Mutation and Disease
Single Nucleotide Polymorphisms (SNPs) are an important source of human genome variability. The non-synonymous SNPs occurring in coding regions resulting in single amino acid polymorphisms (SAPs) may affect protein function and lead to pathology. We are interested to study the relationship between mutation and disease to develop machine learning methods for the prediction of disease-related SAPs. The input features of our methods are sequence, evolutive and functional information. We have implemented PhD-SNP , a simple method based on protein sequence and profile data. Recently, with SNPs&GO we improved the accuracy of the detection of disease-related SAPs including protein functional information. All the predictors has been tested using a cross-validation procedure on a set of annotated SAPs selected from SwissVar database.
In the 2009 the Marie-Curie IOF project Mut2Dis (PIOF-GA-2009-237225) has been granted by the European Union with ~217K Euro to develop new machine learning based approaches based on protein structure information to predict the impact of SAPs.
Protein Folding Stability and Kinetics
Protein folding is a complex process that is responsible for the formation of the protein tree-dimensional structure. In our work we study the protein folding focusing on two main aspects: the protein stability and the folding kinetics. We are interested to predict the effect of single point protein mutation on protein stability. To measure the effect of the mutation, we use the variation of the free energy change (ddG) upon mutation that can be calculated as the difference of the free energy variation (dG) for the mutant and the wild-type proteins. If we consider the unfolding free energy we have that more stable mutations correspond to positive ddG values and less stable mutants to negative ddG. In the 2004 we developed I-Mutant a neural network binary classification method to predict if a mutation increase or decrease the protein stability using protein structure. In the 2005 the second version of the program I-Mutant2.0 has been implemented to predict ddG value using only sequence information. All this methods has been tested using a cross-validation procedure on a set of ddG values extracted from Protherm database. Currently a new version of the tool is under development.
We are also interested in the understanding of protein folding kinetics. In general proteins can have two-state kinetics when they folds directly to the native state from the unfolded state or multi-state kinetics when the protein folds through at least one intermediate state. The folding rate describes how fast the folding process is and is related to the activation energy of the process. In the 2007, K-Fold tools has been developed to predict the folding kinetics and rate of a given protein using structural information.

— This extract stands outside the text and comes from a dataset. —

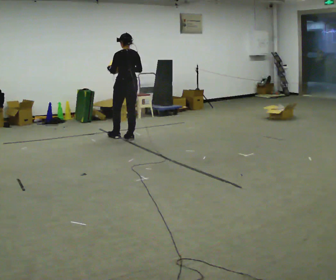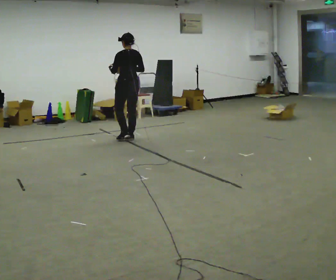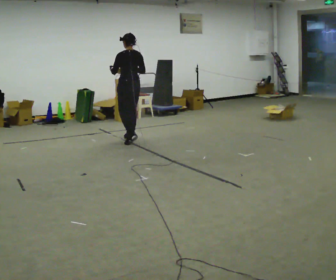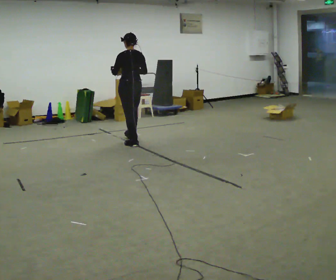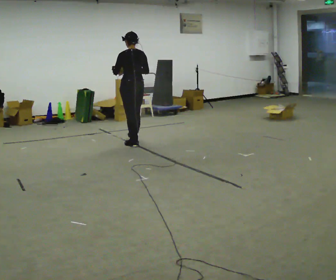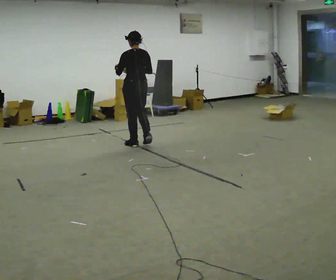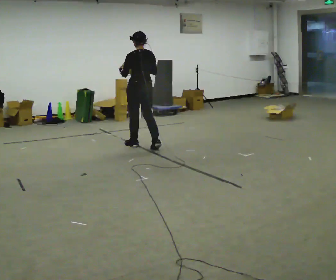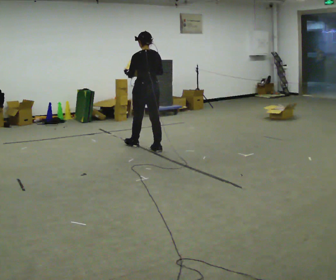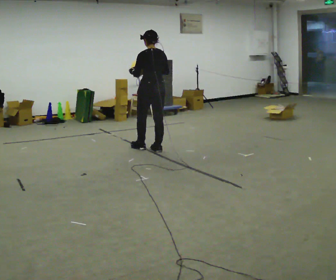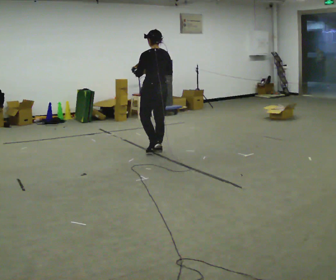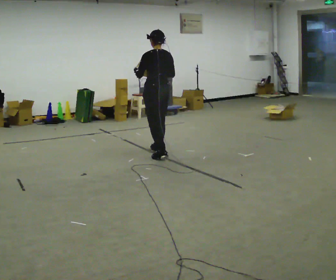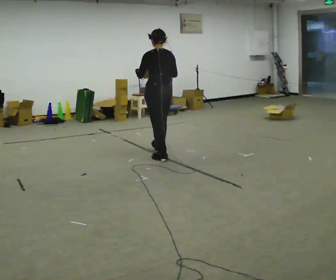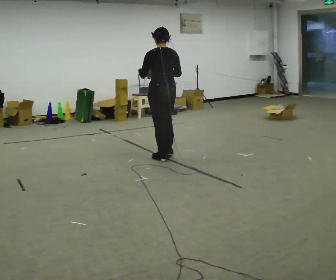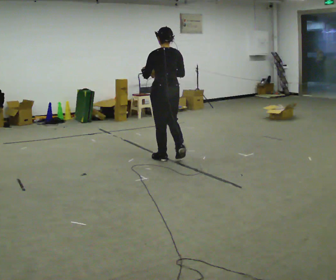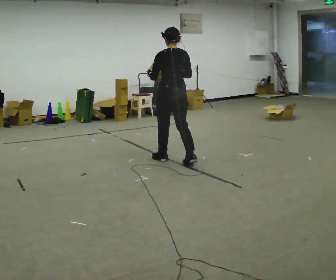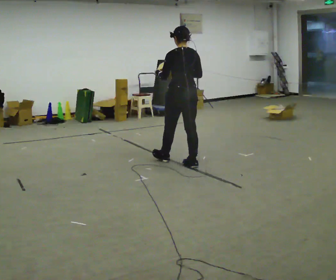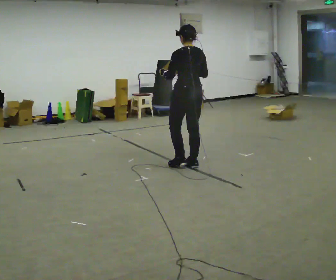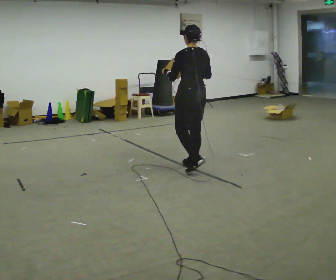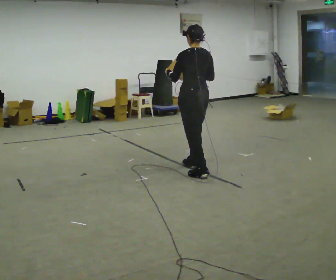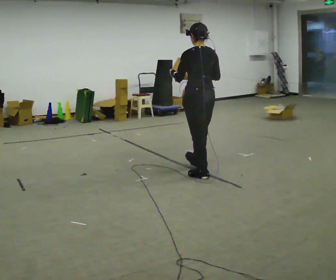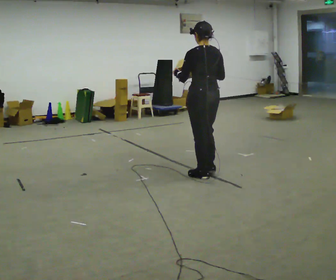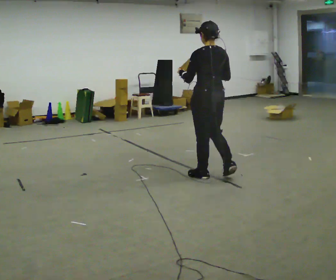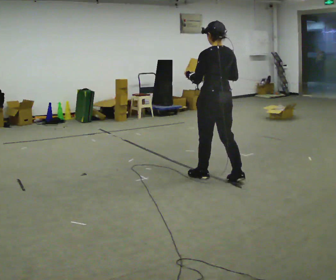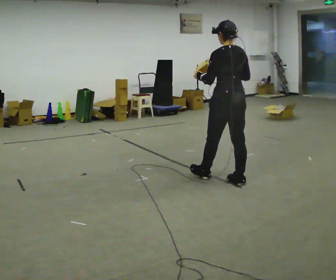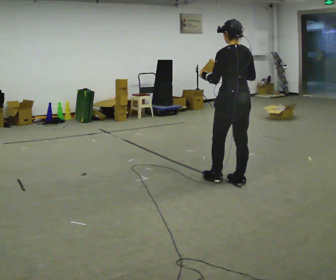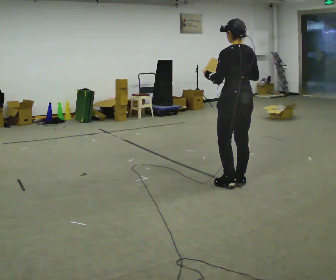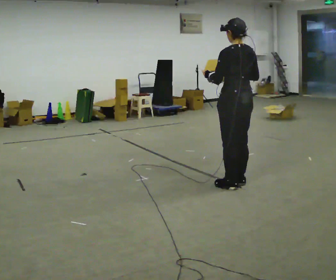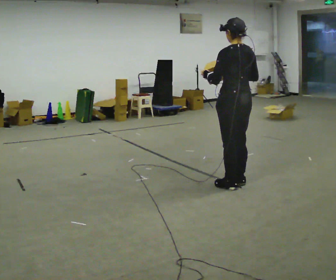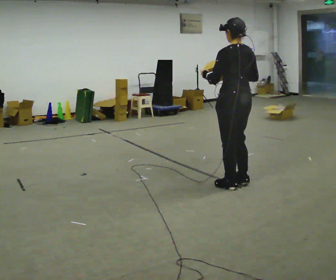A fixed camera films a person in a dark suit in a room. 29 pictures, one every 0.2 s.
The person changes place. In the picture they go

Protein and RNA Structure Comparison and Prediction
The structure of biologically relevant macromolecules such as protein and RNA is important to understand their function. According to this hypothesis the structure is important to infer the function. Our group is developing methods for structural alignment to extract common feature between different molecules and use them to predict unknown structure. In the 2008 SARA algorithm has been implemented to align RNA tree-dimensional structures. A new pipeline using SARA program has been used to assign RNA function using structure similarity.
In collaboration with Marc Marti Renom at the CNAG , Barcelona (Spain) we are implementing a statistical potential to score RNA structures and to select near native ones. We are also interested to develop new methods for RNA structure prediction.